__Assignment__
Without its pictures, the listing below is to be transcribed exactly.
-- Recorded information follows --
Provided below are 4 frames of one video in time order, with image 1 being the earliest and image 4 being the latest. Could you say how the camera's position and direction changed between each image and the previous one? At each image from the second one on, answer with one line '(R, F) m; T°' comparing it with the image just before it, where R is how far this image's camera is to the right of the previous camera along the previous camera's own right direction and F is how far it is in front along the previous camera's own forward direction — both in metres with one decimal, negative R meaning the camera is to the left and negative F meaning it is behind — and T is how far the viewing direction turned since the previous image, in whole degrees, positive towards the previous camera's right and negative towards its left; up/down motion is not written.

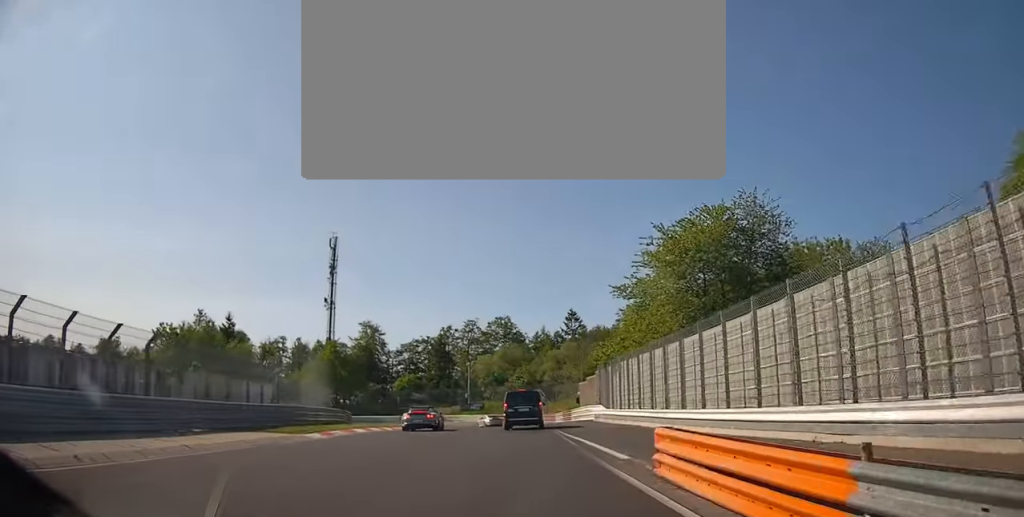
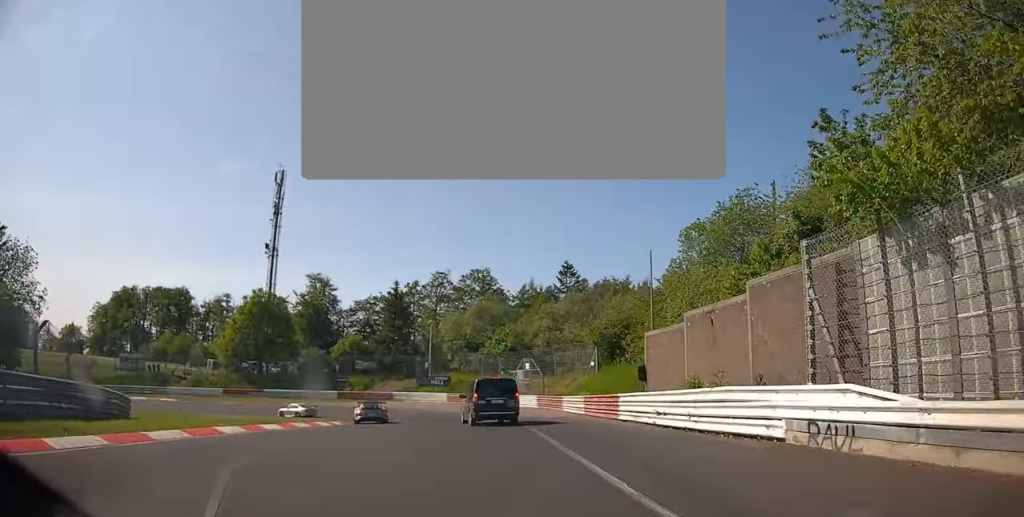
(+0.6, +26.3) m; 0°
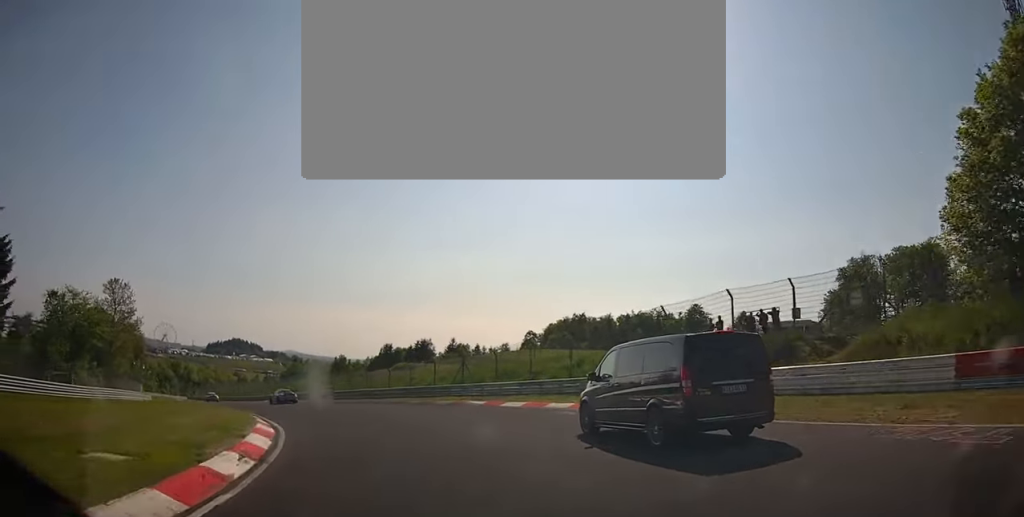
(-29.3, +45.2) m; -93°
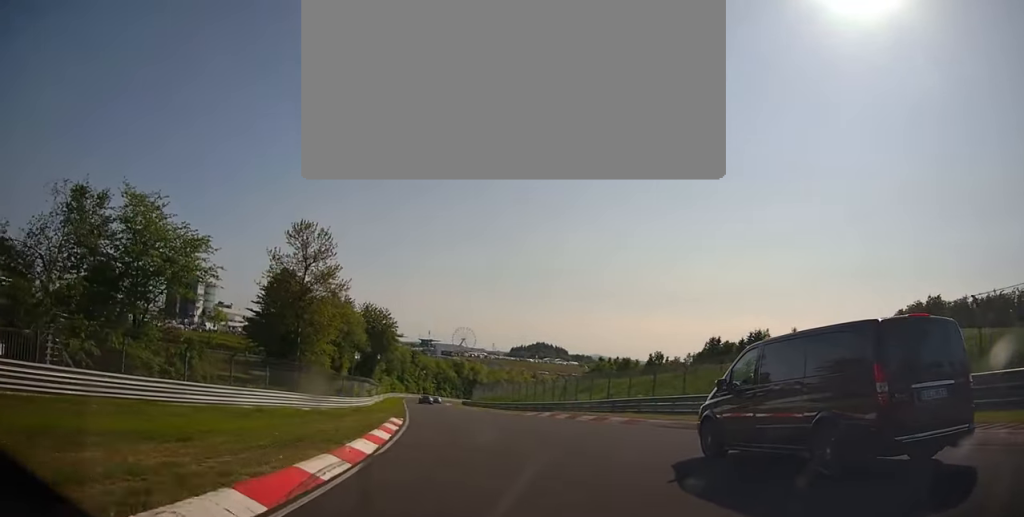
(-10.2, +37.0) m; -22°
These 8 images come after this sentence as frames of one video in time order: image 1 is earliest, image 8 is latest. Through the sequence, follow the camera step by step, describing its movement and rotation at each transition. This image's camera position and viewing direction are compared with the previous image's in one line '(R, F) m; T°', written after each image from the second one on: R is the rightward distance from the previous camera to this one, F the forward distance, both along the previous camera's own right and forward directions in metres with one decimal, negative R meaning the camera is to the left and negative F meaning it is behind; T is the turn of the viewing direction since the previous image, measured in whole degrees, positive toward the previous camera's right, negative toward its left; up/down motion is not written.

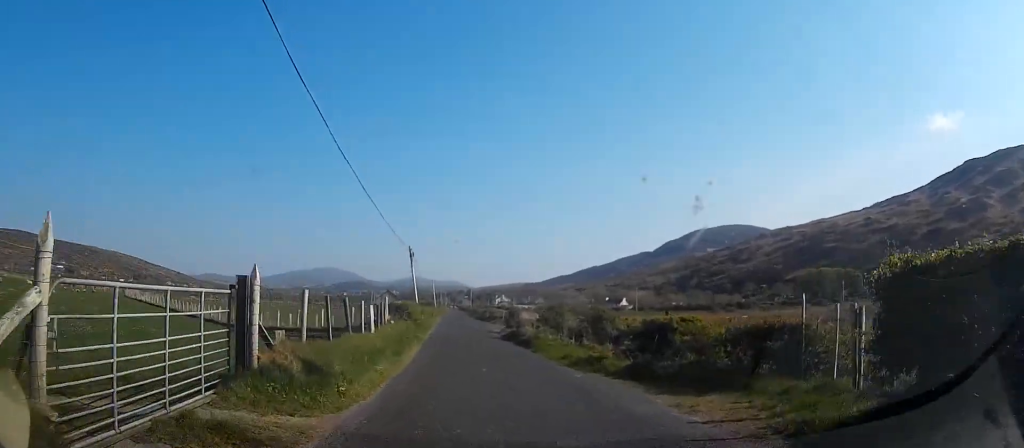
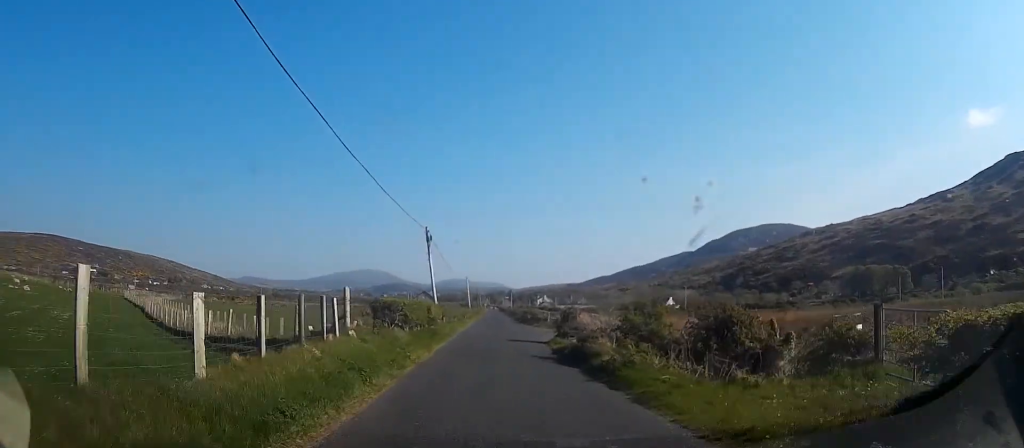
-- Recorded information concluded --
__Answer__
Provided below are 4 frames of one video in time order, with image 1 being the earliest and image 4 being the latest. Could you say how the camera's position and direction changed between each image and the previous one? At each image from the second one on, answer with one line '(R, F) m; T°' comparing it with the image just before it, where R is how far this image's camera is to the right of the previous camera along the previous camera's own right direction and F is how far it is in front along the previous camera's own forward direction — both in metres with one decimal, negative R meaning the camera is to the left and negative F meaning it is behind — and T is how far the viewing direction turned since the previous image, in whole degrees, positive towards the previous camera's right and negative towards its left; up/down motion is not written.

(+0.6, +26.3) m; 0°
(-29.3, +45.2) m; -93°
(-10.2, +37.0) m; -22°
These 8 images come after this sentence as frames of one video in time order: image 1 is earliest, image 8 is latest. Through the sequence, follow the camera step by step, describing its movement and rotation at each transition. This image's camera position and viewing direction are compared with the previous image's in one line '(R, F) m; T°', written after each image from the second one on: R is the rightward distance from the previous camera to this one, F the forward distance, both along the previous camera's own right and forward directions in metres with one decimal, negative R meaning the camera is to the left and negative F meaning it is behind; T is the turn of the viewing direction since the previous image, measured in whole degrees, positive toward the previous camera's right, negative toward its left; up/down motion is not written.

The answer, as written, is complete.